画儿就站在窗边,听云裳这么一问,连忙打开窗户往外面看了一眼:“回禀娘娘,雨已经停了。且瞧着天上的乌云也已经散了开,天空都变得亮堂起来了,应当也不会再下了。”
云裳点了点头,沉吟了片刻:“吩咐下去,准备马车,我要出宫一趟。”
画儿连忙应了声,出去准备去了。
出了宫,云裳便直奔刑部大牢而去。
华玉彤被关在刑部的大牢之中,李浅墨听闻云裳前来,连忙就迎了上来,似是知晓云裳来所为何事,行了礼不等云裳询问,便径直开口道:“微臣将七王妃单独关押了起来,命了信任的衙差看守着,除了看守的衙差,没有旁人靠近过。”
云裳点了点头:“带本宫过去吧。”
李浅墨亲自带了云裳过去,打开了牢房的门,便在门口停下了脚步:“微臣就在门外候着,娘娘若是有什么事情,唤微臣一声就是。”
云裳点了点头,抬脚走了进去。
华玉彤靠在墙角坐着,听见动静,便抬起了头,朝着云裳看了过来,瞧见云裳走进来,只带着几分讥诮地扯了扯嘴角:“罪妇见过皇后娘娘,皇后娘娘大驾光临,罪妇有失远迎,还请娘娘恕罪。”
话虽这样说着,只是华玉彤却只是一动不动地坐着,脸上不见丝毫恭敬。
云裳目光在华玉彤脸上扫过,却是丝毫没有因为华玉彤的态度而生气,只轻轻笑了笑:“这才是七王妃的真面目吧?此前在大街上遇见,你入宫来见我,都不过是在唱戏罢了。七王妃嫁给七王爷之后,别的没什么长进,这唱戏的功夫倒是越来越好了。”

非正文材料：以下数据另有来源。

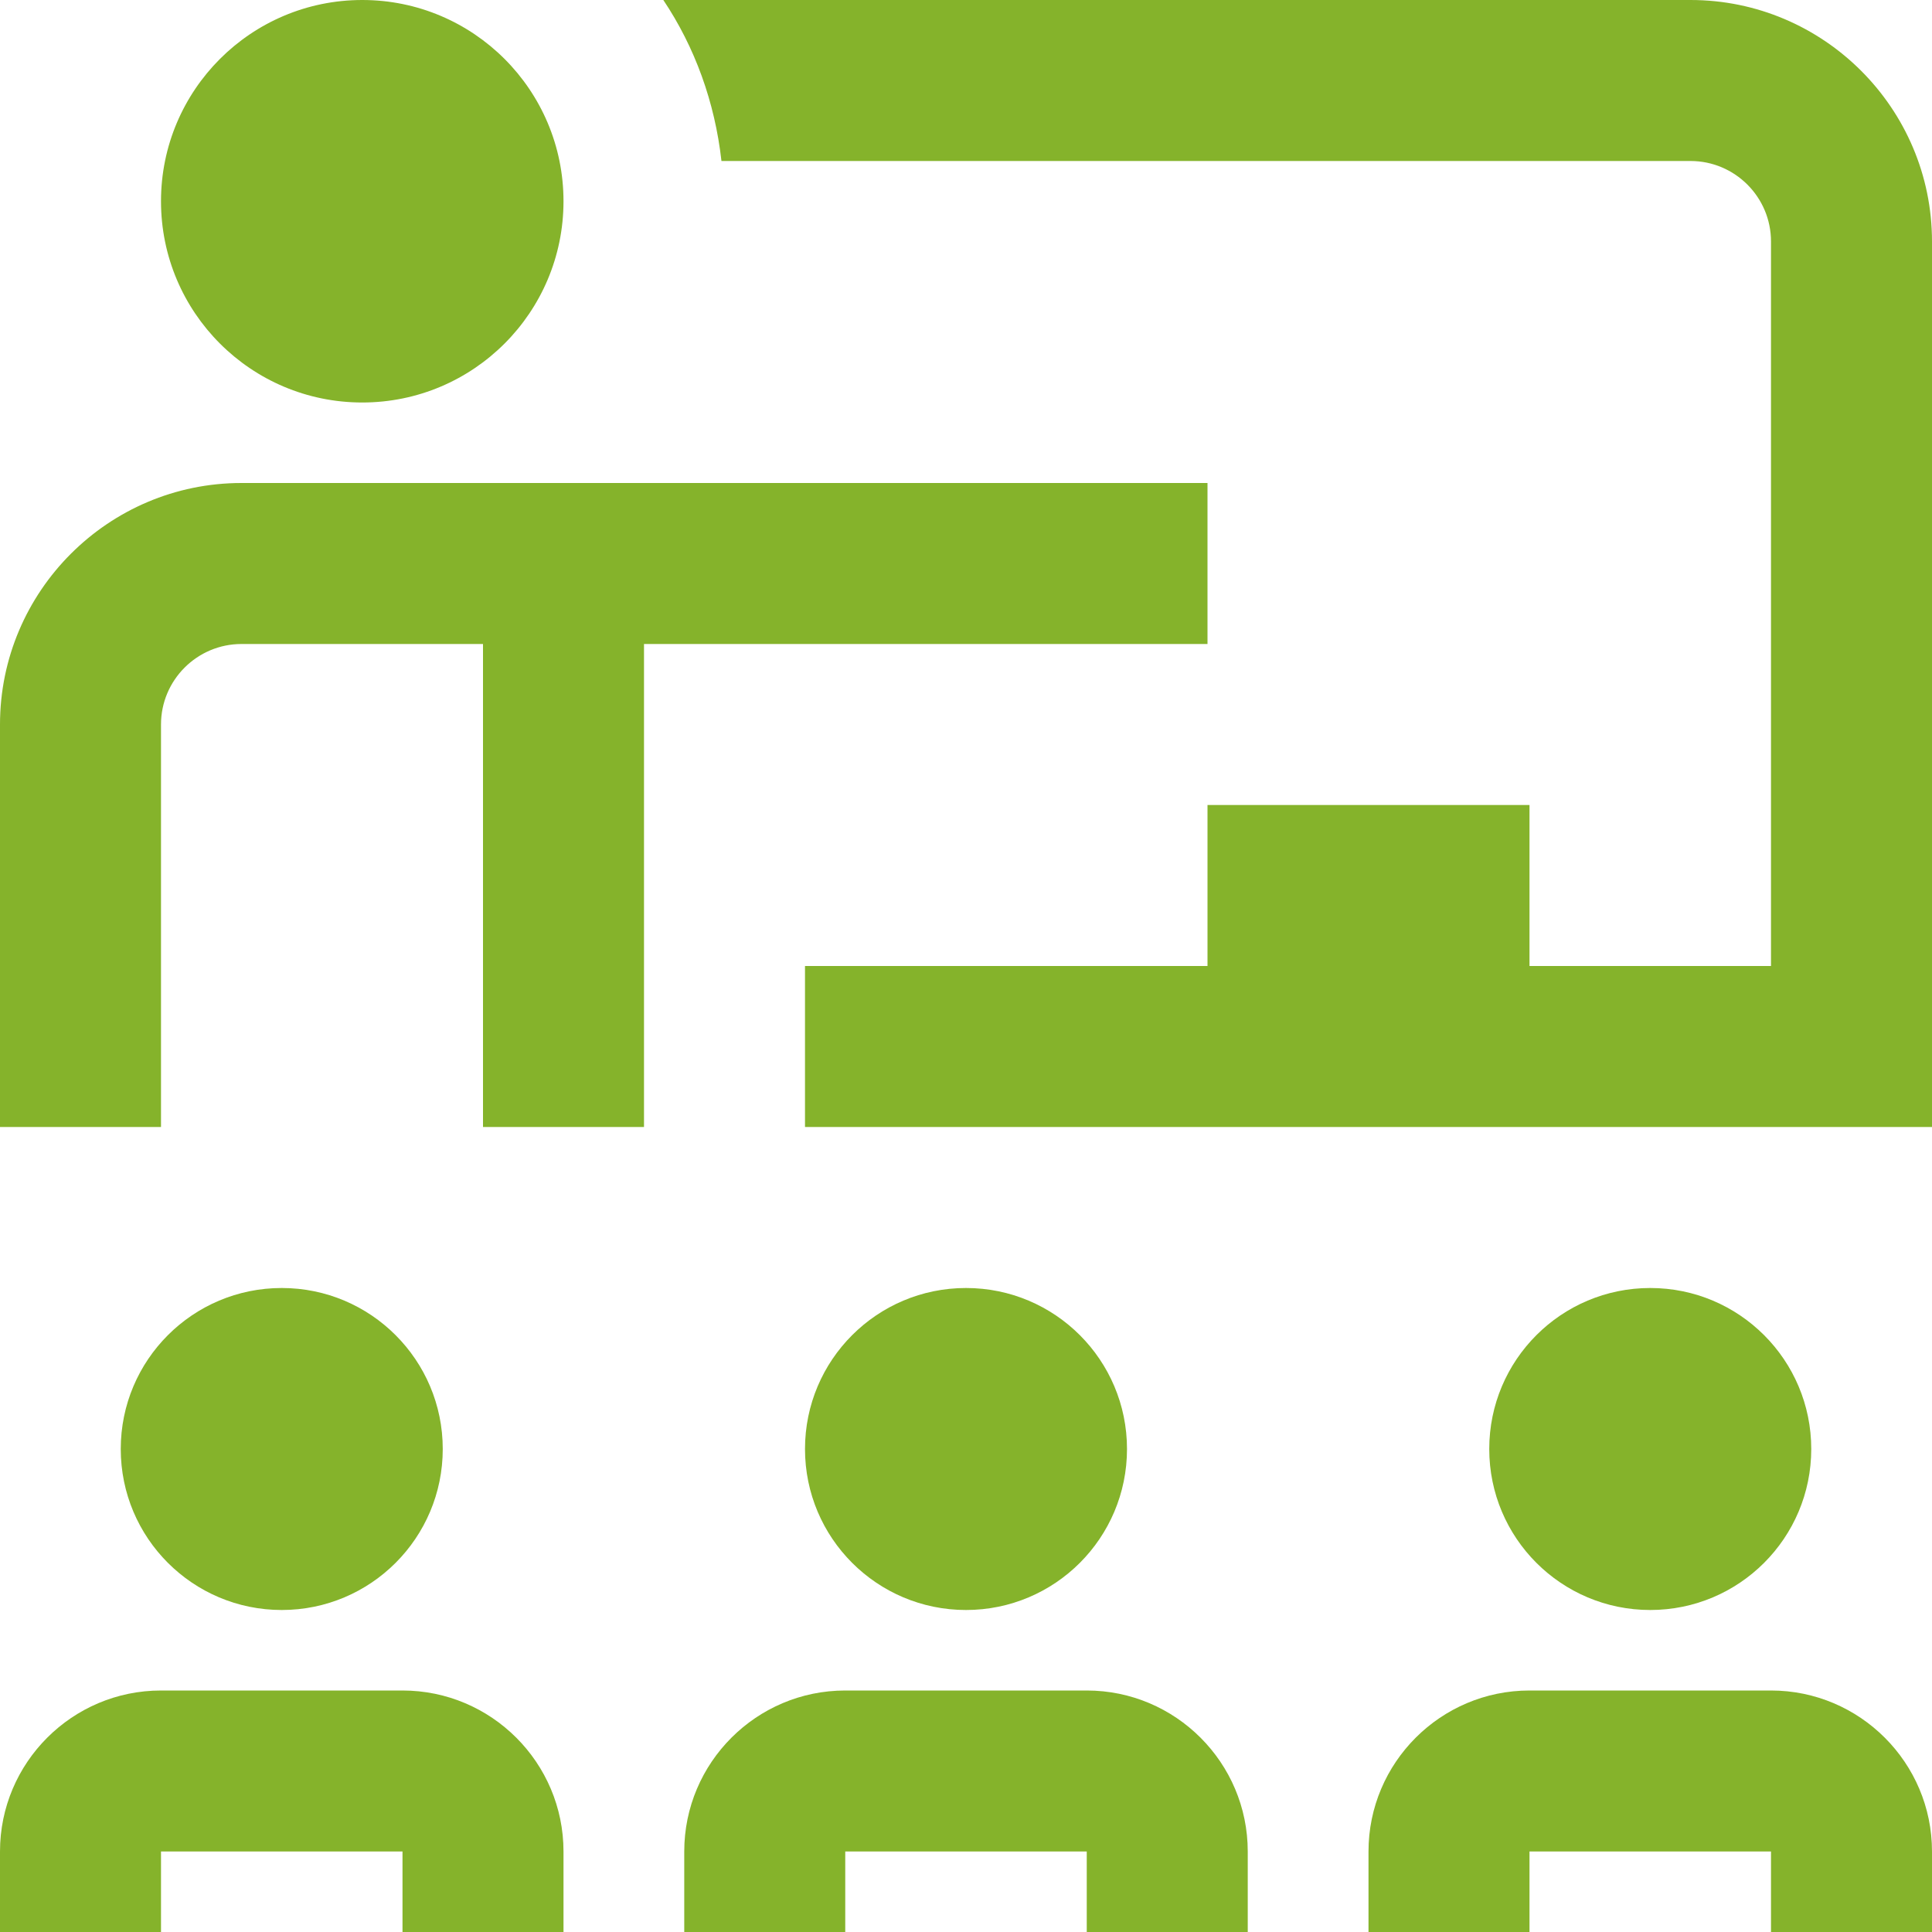 <svg width="54" height="54" viewBox="0 0 54 54" fill="none" xmlns="http://www.w3.org/2000/svg">
<path d="M4.5 5.625C4.5 2.518 7.018 0 10.125 0C13.232 0 15.75 2.518 15.75 5.625C15.75 8.732 13.232 11.25 10.125 11.25C7.018 11.25 4.5 8.732 4.5 5.625ZM33.75 18V13.5H6.75C3.029 13.5 0 16.529 0 20.25V31.5H4.5V20.25C4.5 19.008 5.51 18 6.75 18H13.5V31.5H18V18H33.75ZM47.25 0H18.54C19.42 1.314 19.98 2.851 20.165 4.5H47.25C48.49 4.5 49.5 5.508 49.5 6.75V27H42.75V22.5H33.75V27H22.5V31.5H54V6.75C54 3.029 50.971 0 47.25 0ZM7.875 45C10.361 45 12.375 42.986 12.375 40.5C12.375 38.014 10.361 36 7.875 36C5.389 36 3.375 38.014 3.375 40.5C3.375 42.986 5.389 45 7.875 45ZM27 45C29.486 45 31.5 42.986 31.5 40.5C31.5 38.014 29.486 36 27 36C24.514 36 22.5 38.014 22.5 40.5C22.5 42.986 24.514 45 27 45ZM46.125 45C48.611 45 50.625 42.986 50.625 40.5C50.625 38.014 48.611 36 46.125 36C43.639 36 41.625 38.014 41.625 40.5C41.625 42.986 43.639 45 46.125 45ZM11.25 47.25H4.5C2.018 47.25 0 49.268 0 51.75V54H4.5V51.75H11.25V54H15.75V51.75C15.75 49.268 13.732 47.25 11.25 47.25ZM49.5 47.25H42.75C40.268 47.25 38.25 49.268 38.25 51.75V54H42.75V51.75H49.5V54H54V51.75C54 49.268 51.982 47.25 49.5 47.25ZM30.375 47.25H23.625C21.143 47.25 19.125 49.268 19.125 51.75V54H23.625V51.75H30.375V54H34.875V51.75C34.875 49.268 32.857 47.25 30.375 47.25Z" fill="#85B32B"/>
</svg>
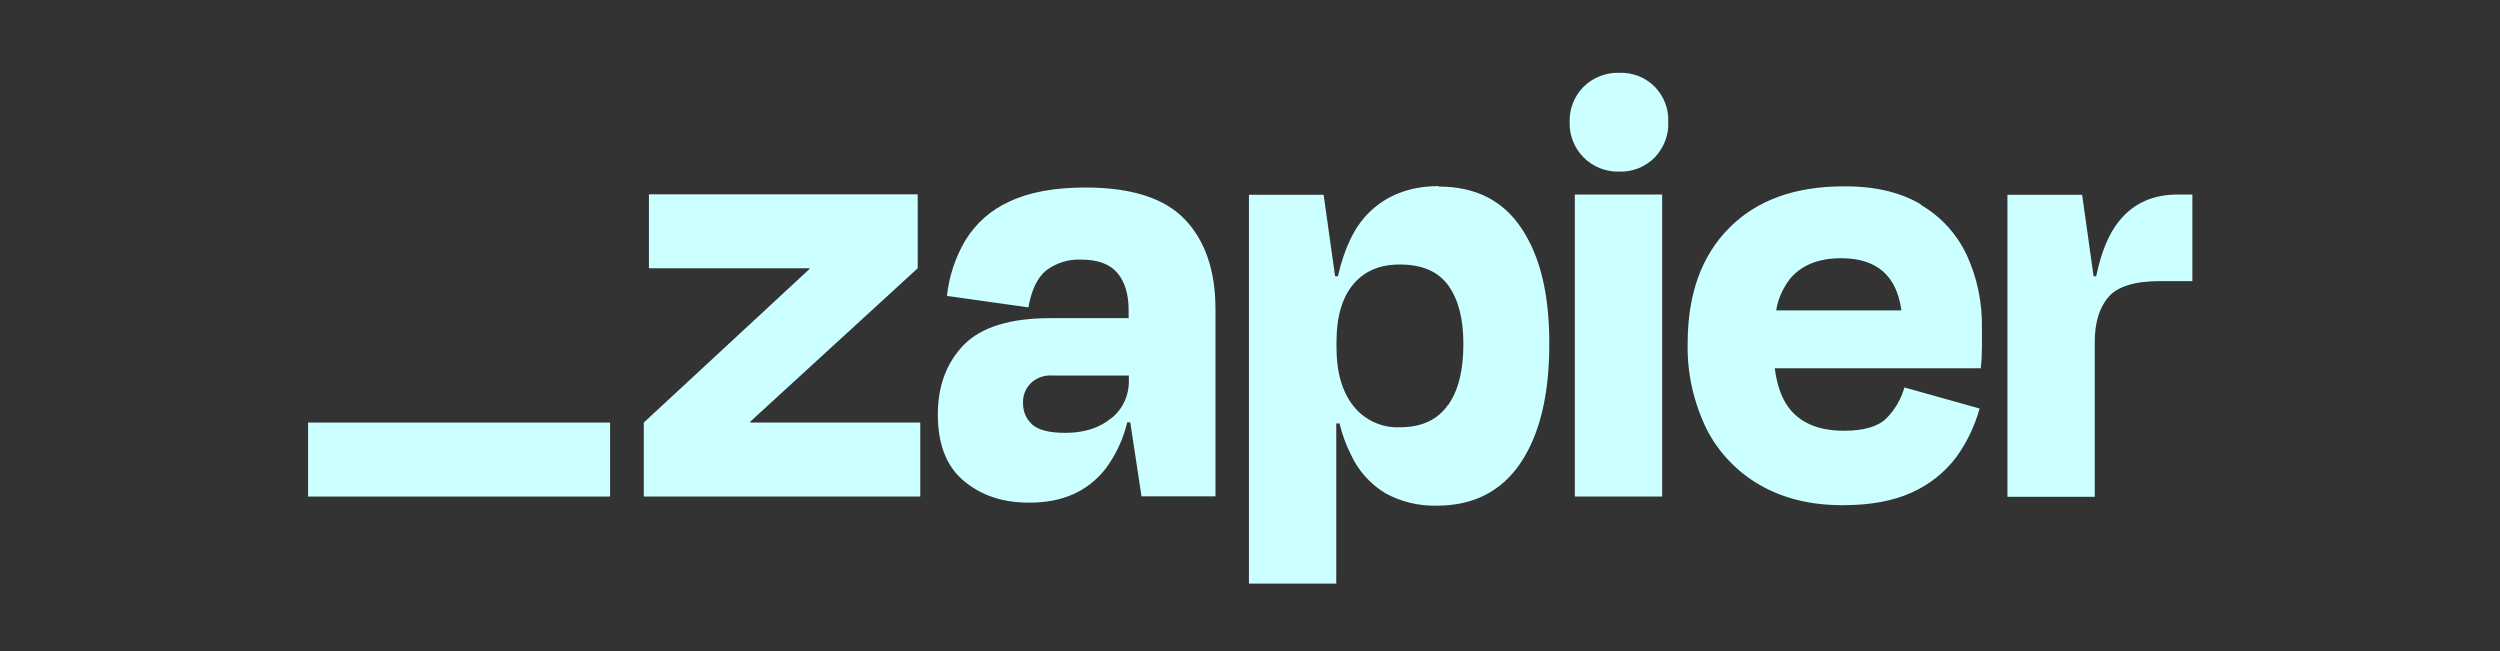 <?xml version="1.0" encoding="UTF-8"?><svg id="Zapier" xmlns="http://www.w3.org/2000/svg" viewBox="0 0 106.79 27.81"><rect x="0" y="0" width="106.79" height="27.81" fill="#333333" stroke="none"/><defs><style>.cls-1{fill:#cff;stroke-width:0px;}</style></defs><path class="cls-1" d="M32.05,18.05v-.04s7.15-6.55,7.15-6.55v-3.16h-11.48v3.16h6.86v.03s-7.08,6.56-7.08,6.56v3.16h11.81v-3.16h-7.26ZM46.36,8.01c-1.32,0-2.4.2-3.24.6-.78.35-1.43.92-1.88,1.65-.43.73-.7,1.54-.79,2.38l3.48.49c.13-.74.38-1.27.76-1.58.43-.32.96-.49,1.5-.46.71,0,1.22.19,1.54.57.32.38.48.9.48,1.59v.34h-3.35c-1.71,0-2.93.38-3.68,1.13-.74.76-1.12,1.75-1.12,2.99,0,1.27.37,2.22,1.12,2.84.74.62,1.68.93,2.81.92,1.4,0,2.47-.48,3.23-1.44.44-.59.76-1.27.93-1.99h.13l.48,3.16h3.16v-7.99c0-1.65-.44-2.93-1.31-3.84-.87-.91-2.29-1.36-4.24-1.36h0ZM47.47,17.86c-.5.42-1.16.63-1.97.63-.67,0-1.14-.12-1.4-.35-.26-.23-.4-.55-.4-.9-.02-.32.1-.64.33-.87.24-.23.57-.35.9-.33h3.29v.22c.01.62-.26,1.22-.75,1.61h0ZM71,8.31h-3.73v12.9h3.73v-12.9ZM93.02,8.31c-1.05,0-1.88.37-2.49,1.12-.44.53-.77,1.32-.99,2.37h-.11l-.49-3.48h-3.19v12.9h3.73v-6.62c0-.83.2-1.47.59-1.92.39-.44,1.11-.67,2.16-.67h1.42v-3.7h-.63ZM82.05,8.73c-.87-.52-1.97-.78-3.29-.77-2.09,0-3.72.59-4.9,1.78-1.18,1.19-1.77,2.83-1.77,4.92-.03,1.26.25,2.51.8,3.65.51,1.01,1.31,1.85,2.29,2.41.99.57,2.16.86,3.53.86,1.18,0,2.16-.18,2.95-.54.74-.33,1.39-.84,1.88-1.48.47-.64.81-1.35,1.02-2.11l-3.21-.9c-.14.49-.4.94-.76,1.31-.36.36-.97.54-1.82.54-1.01,0-1.77-.29-2.27-.87-.36-.42-.59-1.02-.69-1.8h8.8c.04-.36.05-.67.05-.91v-.8c.02-1.08-.2-2.15-.65-3.13-.42-.89-1.1-1.64-1.96-2.14h0ZM78.65,11.03c1.51,0,2.37.74,2.57,2.23h-5.35c.08-.5.29-.96.6-1.36.49-.58,1.22-.87,2.18-.87ZM69.18,3.11c-.57-.02-1.12.19-1.53.59-.4.4-.62.95-.6,1.51-.02.57.2,1.12.6,1.52.4.4.96.62,1.52.6.57.02,1.11-.2,1.51-.6.39-.41.61-.96.58-1.52.03-.56-.19-1.11-.58-1.51-.4-.4-.95-.61-1.51-.59h0ZM61.47,7.95c-1.27,0-2.29.4-3.06,1.2-.57.59-.99,1.47-1.26,2.65h-.12l-.49-3.48h-3.19v16.61h3.73v-6.84h.14c.11.46.27.9.48,1.32.32.69.83,1.27,1.48,1.66.67.37,1.44.55,2.2.53,1.56,0,2.75-.61,3.57-1.82.82-1.22,1.23-2.91,1.23-5.09s-.4-3.75-1.19-4.94c-.79-1.19-1.97-1.78-3.53-1.78h0ZM61.85,17.3c-.44.63-1.12.95-2.04.95-.77.04-1.52-.3-2-.91-.48-.61-.72-1.44-.72-2.49v-.25c0-1.07.24-1.89.72-2.46.48-.57,1.15-.85,2-.84.94,0,1.63.3,2.06.9.43.6.64,1.43.64,2.5,0,1.11-.21,1.97-.65,2.6h0Z"/><path class="cls-1" d="M26.06,18.05h-12.9v3.16h12.9v-3.16Z"/></svg>

“是啊,可不是么?”华玉彤嗤笑了一声,眸光却是沉了下来:“当初我被选中作为一颗棋子嫁给七王爷,也没有任何人替我打算过,也没有人去替我想想,我那样的身份,嫁过去,在七王府,过的是什么样的日子。我也只能日日夜夜的唱戏了……”
云裳见华玉彤脸上浮现起了几分怨怼之色,只垂下了眸子:“早知如此,何必当初?若你能够听我的话,如今又如何会落得这样的下场?”
华玉彤往后靠了靠,靠在墙上,抬起眼来看向云裳,眼中满是讽刺:“娘娘可真是,站着说话不腰疼的。娘娘不曾经历过我经历过的事情,又怎么能够懂我为何会如此选择。有许多事情,许多时候,都不在自己的掌控之中的。”
“况且,娘娘嘴上说的好听,可实际上,不也只把我当作一颗棋子吗?我是一个人,又岂会甘愿永远被人视作棋子,我也想,能够主宰自己的人生啊!我受够了被人摆弄操纵的日子!所以,我才会奋起反抗,才会想方设法地选择自己想要走的路。如今也只不过是,我选择的路失败了而已。”
“只是那又如何?我总归也已经尝试过了。况且,现在也只是暂时失败了而已,最后是什么样子的结果,谁知道呢。你说是吧?皇后娘娘……”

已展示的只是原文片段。